These files belong to this publication:
Nederbragt, A.J., Rounge, T.B., Kausrud, K and Jakobsen, K.S. 2010: Identification and quantification of genomic repeats and sample contamination in assemblies of 454 pyrosequencing reads, Sequencing. http://www.hindawi.com/archive/2010/782465/. doi:10.1155/2010/782465
Please contact Kyrre Kausrud kyrreka@ibv.uio.no regarding the script, Lex Nederbragt lex.nederbragt@ibv.uio.no regarding the publication
This program estimates the number of copies of each contig depending on the observed distributions of read depths for a sequenced genome. In order to apply the program, one needs to use R, “a free software environment for statistical computing and graphics.” R is available at http://www.r-project.org/
The script contains commented lines (starting with the ‘#’ symbol) on how to use it at the beginning. The input file for the script is the 454AlignmentInfo.tsv
generated by the newbler assembly program (gsAssembler).
###Assemblies For the assemblies of E. coli and P. gingivalis described in the paper, two files each are made available. The descriptions of these files are partly based on the GS FLX Data Analysis Software Manual, December 2007
454AlignmentInfo.tsv
[This file is the input for the R script that estimates the genomic copy number of each contig, see above]

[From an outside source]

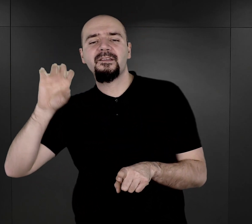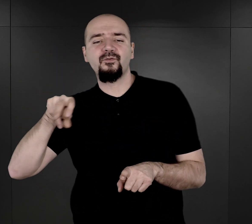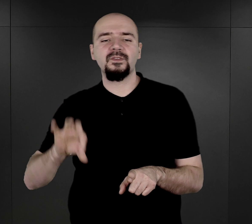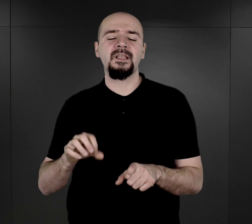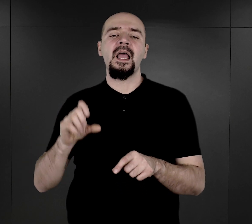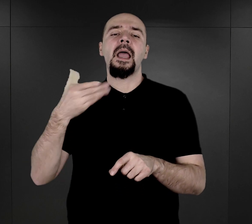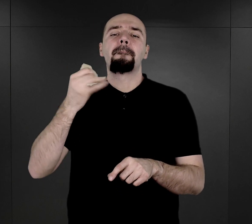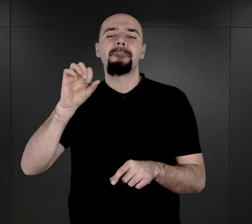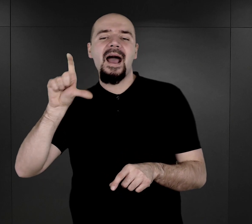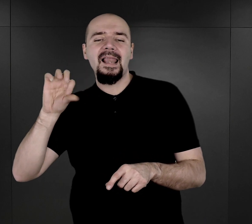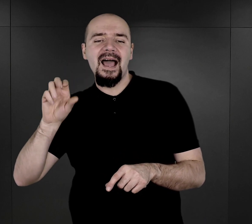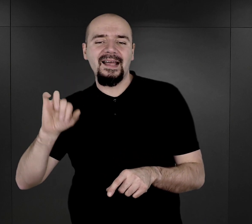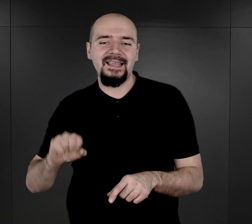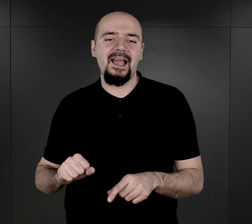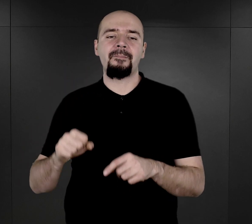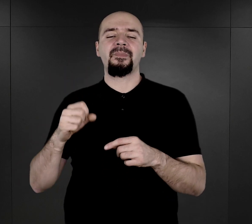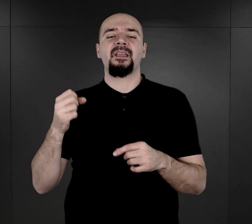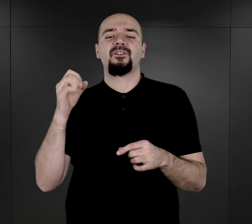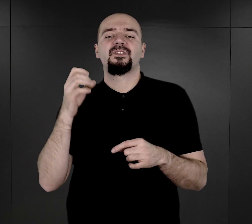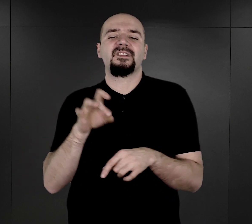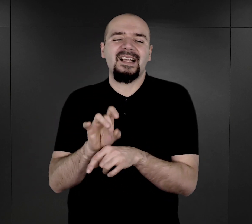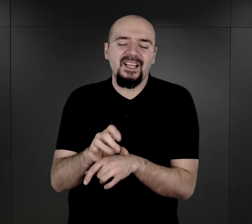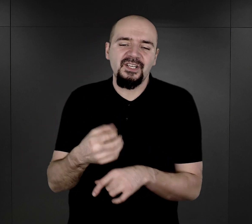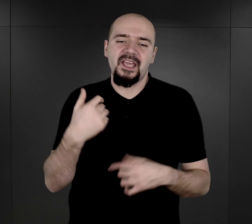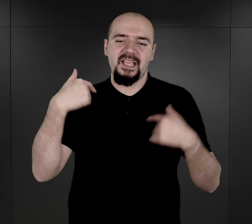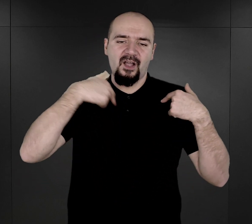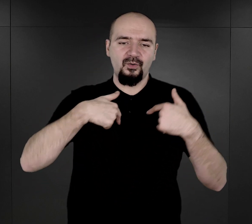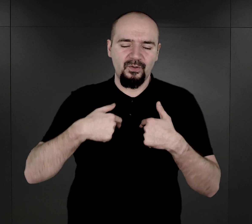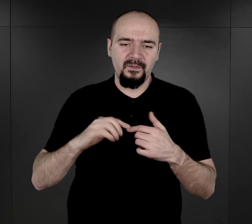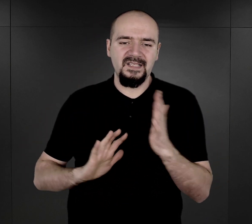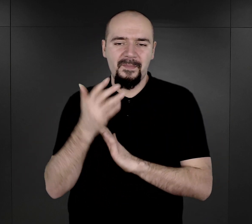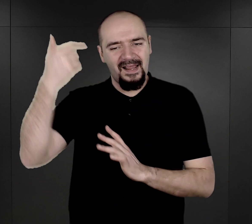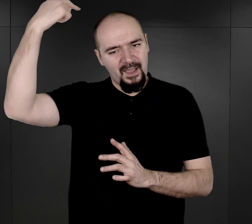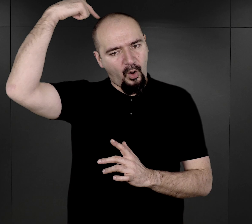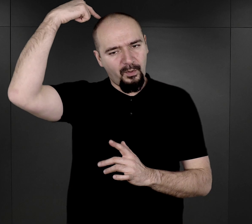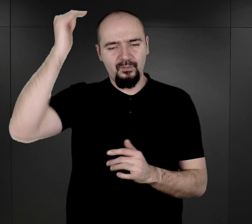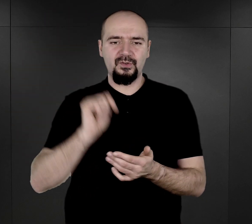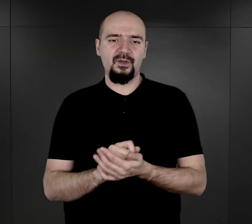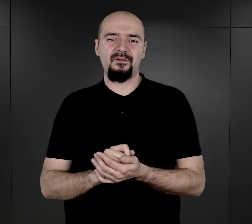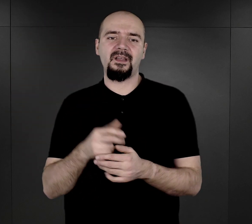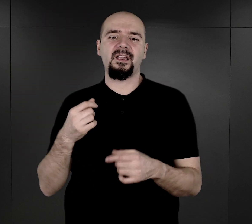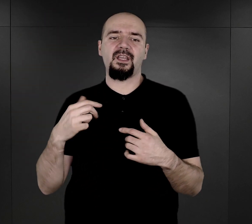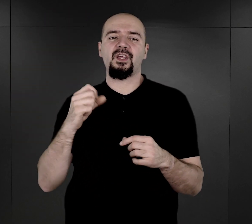różnego rodzaju infekcje, dróg oddechowych, zapalenie opon mózgowych, czy gruźlica, tak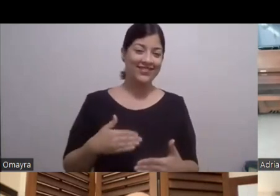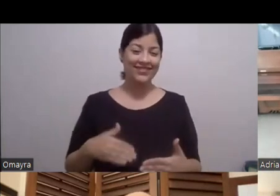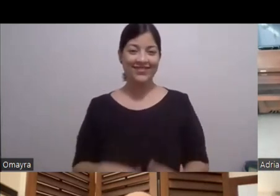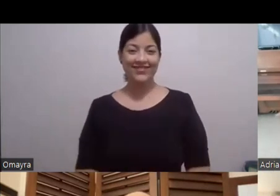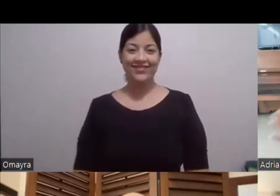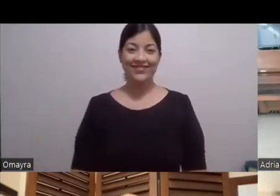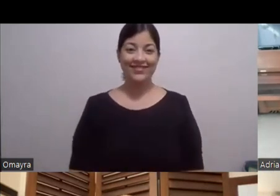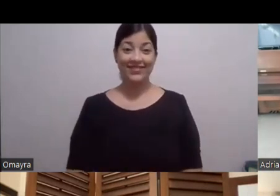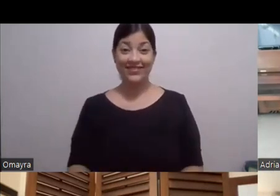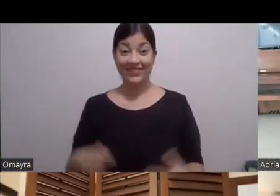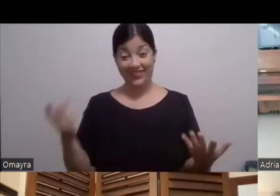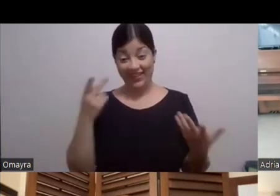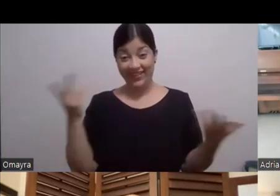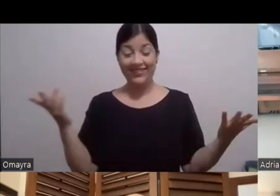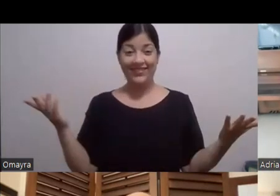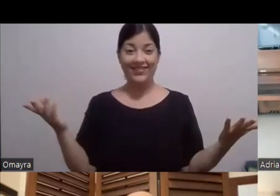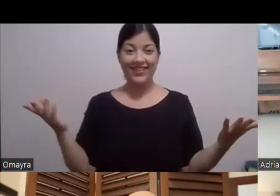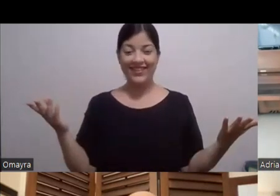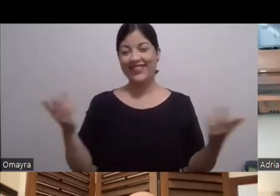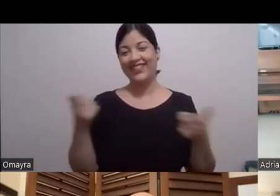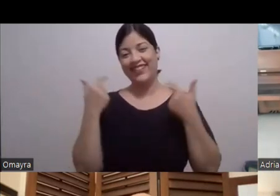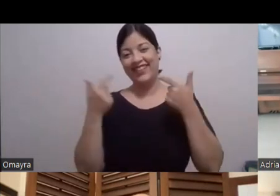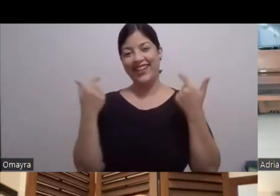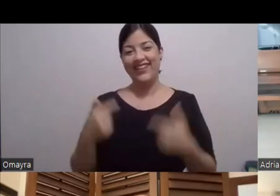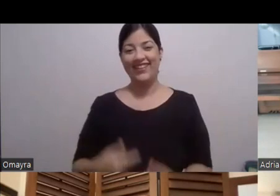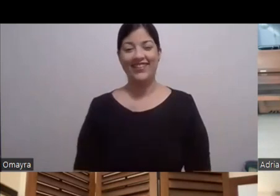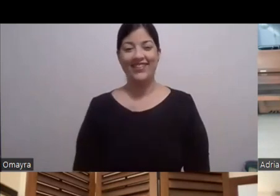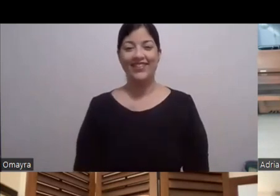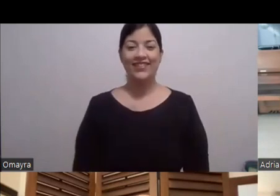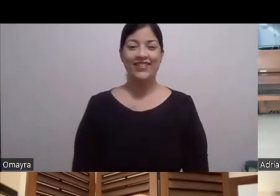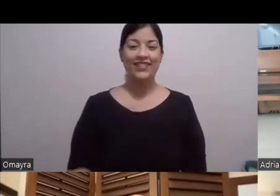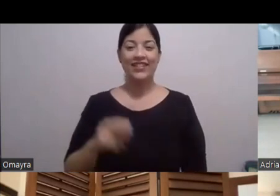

This file contains position-by-position summary information about the consensus sequence for the contigs generated by the GS De Novo Assembler application, listed one nucleotide per line (in a tab-delimited format). The columns of each line contain the following information:
- Position – the position in the contig
- Consensus – the consensus nucleotide for that position in the contig
- Quality Score – the quality score of the consensus base
- Depth – the number of reads that align at that position in the alignment
- Signal – the average signal of the read flowgrams, for the flows that correspond to that position in the alignment StdDevation – the standard deviation of the read flowgram signals at the corresponding flows
Prior to each region of lines for each contig, a header line beginning with a >
displays the contig name.
454LargeContigs.fna
Fasta formatted contigs of at least 500 bp generated by the GS De Novo Assembler application. The description lines are formatted as follows:
>contigXXXXX length=abc numReads=xyz
where contigXXXXX
is the identifier of the contig and XXXXX
is a sequential numbering of the contigs in the assembly; and where the length and numReads values are the length in bases of the contig and the number of reads that were used in that contig’s multiple alignment.